Tomado de: León XIII, los carlistas y la monarquía liberal. Tomo II. Máximo Filibero. Valencia. 1894. Páginas 260 – 271.

Visto en: BIBLIOTECA SAAVEDRA FAJARDO DE PENSAMIENTO POLÍTICO HISPÁNICO




Cómo muere el integrismo



«Cada vez –decía Nocedal al redactor del Heraldo, refiriéndose a íntegros y carlistas– se pronuncian con más entusiasmo unos y otros a favor de la reconciliación, pero sobre la base de la defensa legal del principio y la doctrina católica tradicionalista, y esa reconciliación se hará. Tardará un año, dos, pero que viene no cabe dudarlo.»

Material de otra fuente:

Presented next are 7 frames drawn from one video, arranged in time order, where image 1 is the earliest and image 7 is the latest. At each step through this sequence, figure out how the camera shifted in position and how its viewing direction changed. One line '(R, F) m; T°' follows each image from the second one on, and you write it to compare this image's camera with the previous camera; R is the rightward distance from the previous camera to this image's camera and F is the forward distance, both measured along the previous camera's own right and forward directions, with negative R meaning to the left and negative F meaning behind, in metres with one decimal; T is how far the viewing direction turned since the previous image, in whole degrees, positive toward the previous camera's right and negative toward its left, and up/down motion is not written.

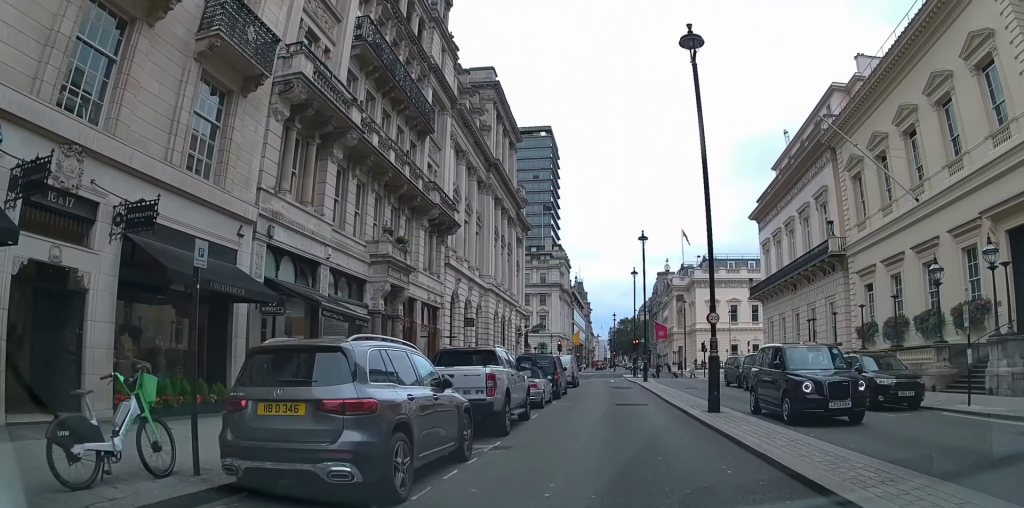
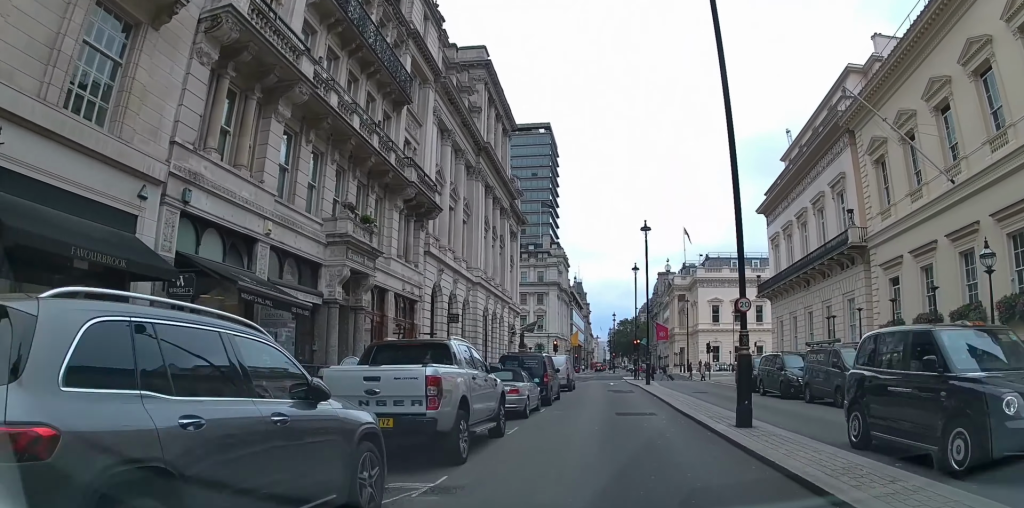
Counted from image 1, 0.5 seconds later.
(0.0, +4.0) m; +1°
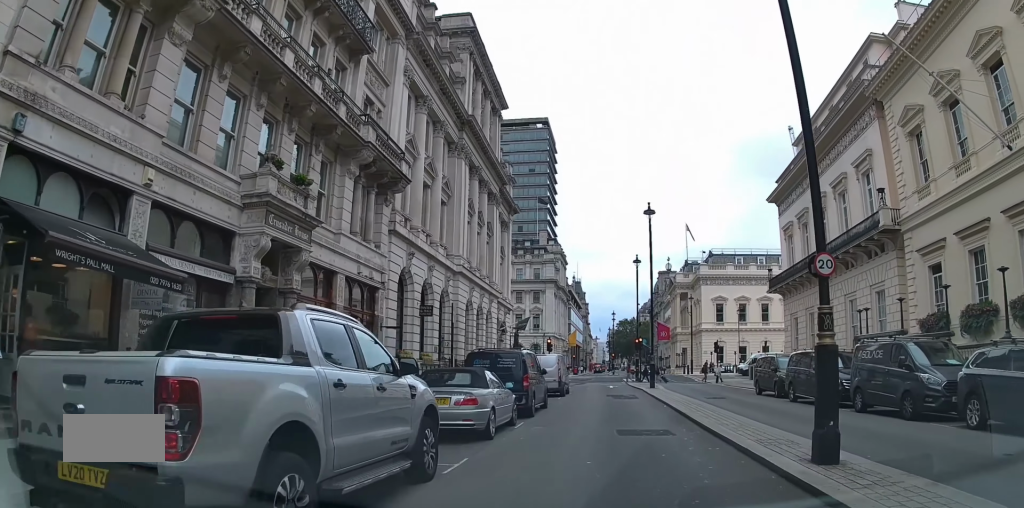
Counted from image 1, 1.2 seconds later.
(+0.2, +5.2) m; 0°
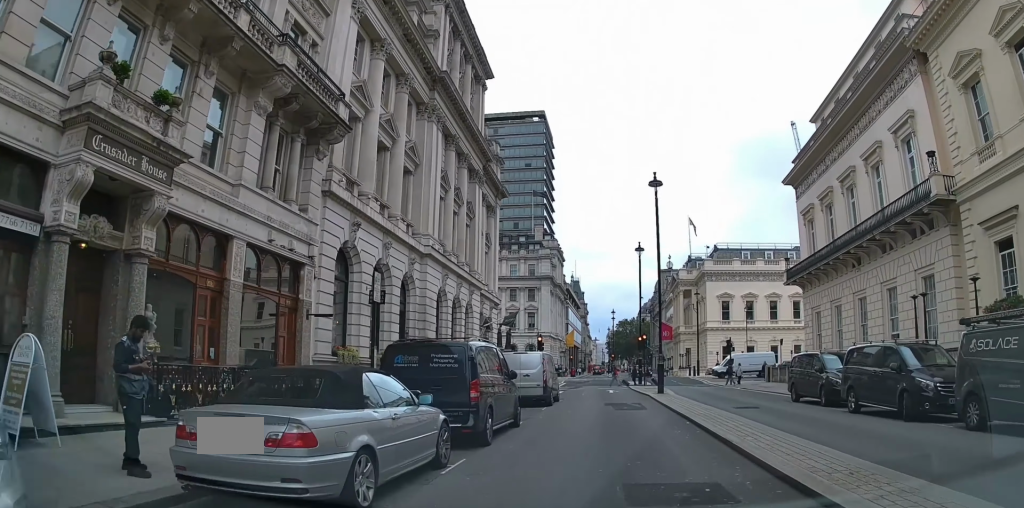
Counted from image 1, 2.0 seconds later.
(-0.2, +6.6) m; -2°
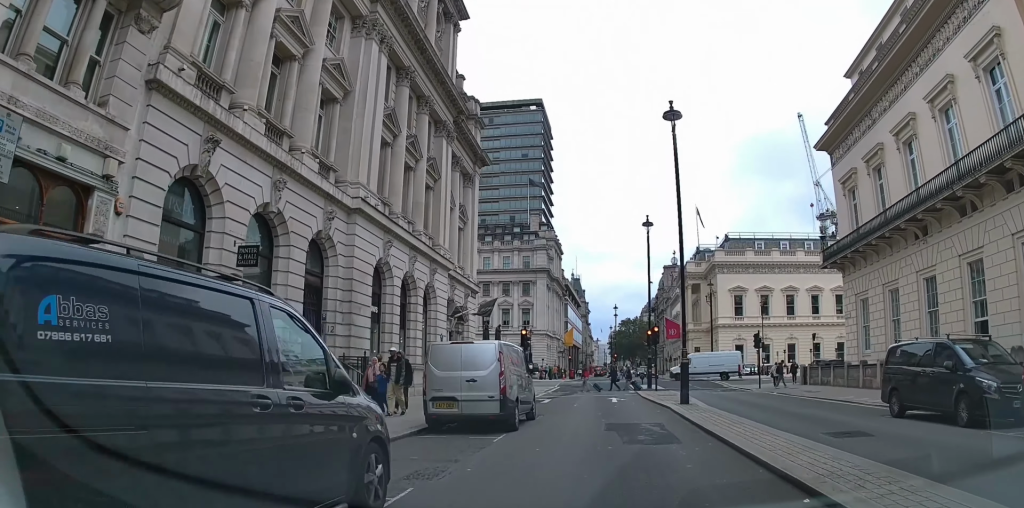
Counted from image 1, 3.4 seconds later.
(-0.2, +10.1) m; -1°
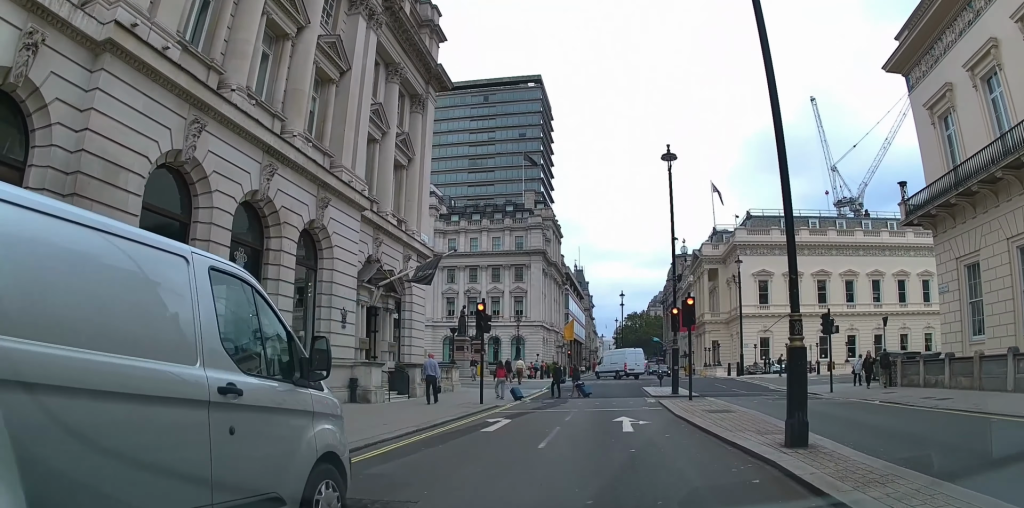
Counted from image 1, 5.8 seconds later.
(0.0, +15.4) m; 0°
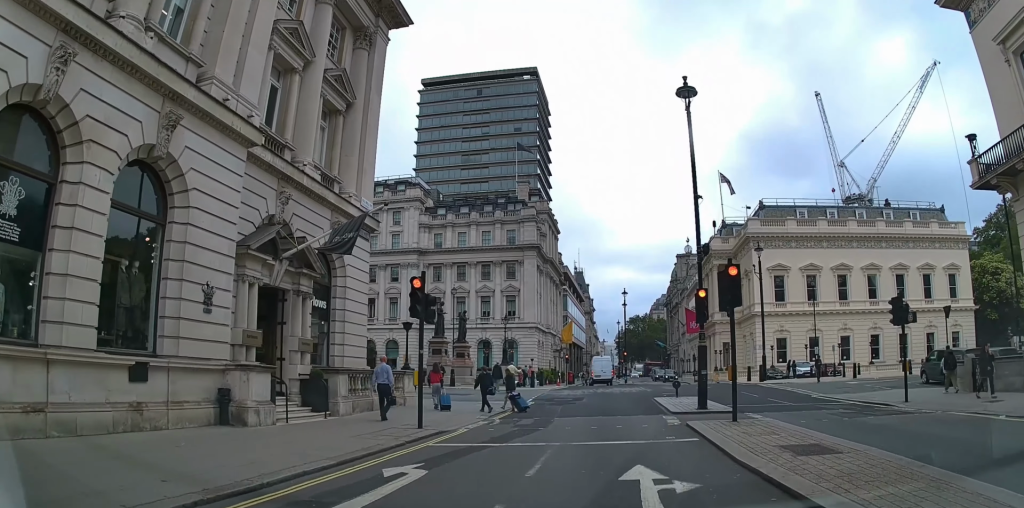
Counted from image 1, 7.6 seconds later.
(0.0, +9.7) m; 0°

Evidente. Y aún nos parece que vendrá primero, porque no creemos que los restos del integrismo duren dos años. ¡Sería una agonía demasiado larga! Una tisis política en último grado no dura tanto.

Y después pensar en viajes, organizaciones y batallas, aunque sean de ley, acusa en el enfermo los postreros síntomas fatales.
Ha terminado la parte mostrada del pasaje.